How to Get Shiny (but Not Greasy) Hair

BY Chanel Hays · November 16, 2017

Shiny hair represents health and vitality and even exudes a bit of glamour. But, if you struggle with oily skin and hair, amping up your shine most likely sounds terrifying. What we learned from Monique Murphy, owner of Electric Beauty Lab, is that shiny and greasy are different, and that shiny isn’t only achieved after a fabulous salon style. In her 12 years of experience, Murphy has seen a lot of hair. From that experience, she’s teased out six tips to get our hair in healthier and shinier shape.

1. Don’t wash your hair every day. 

While it may seem counterintuitive to the “But Not Greasy” part of our title, you should really take a day off (or two!) from your wash-rinse-repeat cycle. Hairdressers say this often, but Murphy helps break it down for us. She describes the negative cycle: “Your hair root has sebaceous glands that lubricate the skin and hair. When you wash your hair, you’re stripping away the oils, which tells your glands to produce more.”

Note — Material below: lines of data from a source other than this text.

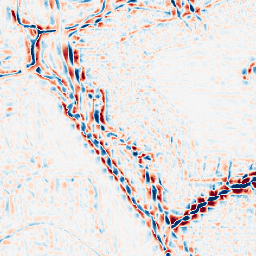
Category: wavelet
Decomposition family: wavelet_biorthogonal
Decomposition parameters: wavelet: bior2.4
level: 3
Upsampling method: quadratic
Upsampling parameters: scale: 2
Upsampling scale: 2
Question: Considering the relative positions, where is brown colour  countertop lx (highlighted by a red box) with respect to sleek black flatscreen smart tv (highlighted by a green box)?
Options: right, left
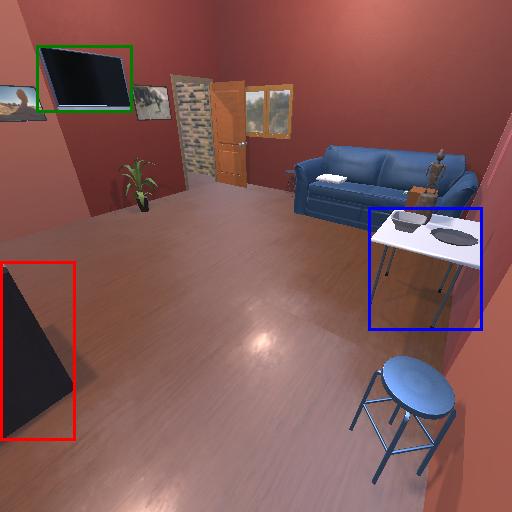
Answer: right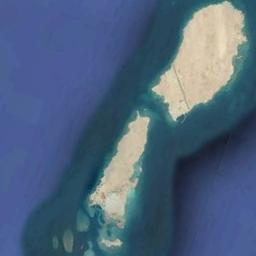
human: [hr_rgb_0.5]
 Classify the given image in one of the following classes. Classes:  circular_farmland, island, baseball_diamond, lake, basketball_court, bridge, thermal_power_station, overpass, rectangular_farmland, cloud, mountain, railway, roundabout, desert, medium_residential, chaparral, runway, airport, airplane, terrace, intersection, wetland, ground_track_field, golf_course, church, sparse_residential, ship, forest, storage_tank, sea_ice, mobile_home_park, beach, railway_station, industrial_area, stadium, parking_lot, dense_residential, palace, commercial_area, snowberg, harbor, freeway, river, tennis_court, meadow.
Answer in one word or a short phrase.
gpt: island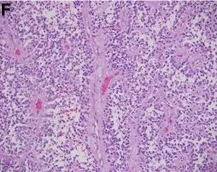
Fibrovascular core with discohesive tumor cells.
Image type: pathology (h&e)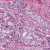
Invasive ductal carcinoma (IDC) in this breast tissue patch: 1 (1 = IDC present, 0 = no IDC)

She goes on, “When you leave your hair dirty for a day or so, your scalp doesn’t need to produce as much oil to keep itself healthy.” Keep in mind that it might take a few weeks for your scalp to get the hint, so grab a quality dry shampoo and keep your eyes on the prize.

We recommend: Klorane Dry Shampoo with Oat Milk
This dry shampoo uses oat milk to step things up a notch, softening hair while absorbing grease. Prevent that gritty feeling and apply only to your roots, allowing the hair shaft to soak in your natural oils throughout the day.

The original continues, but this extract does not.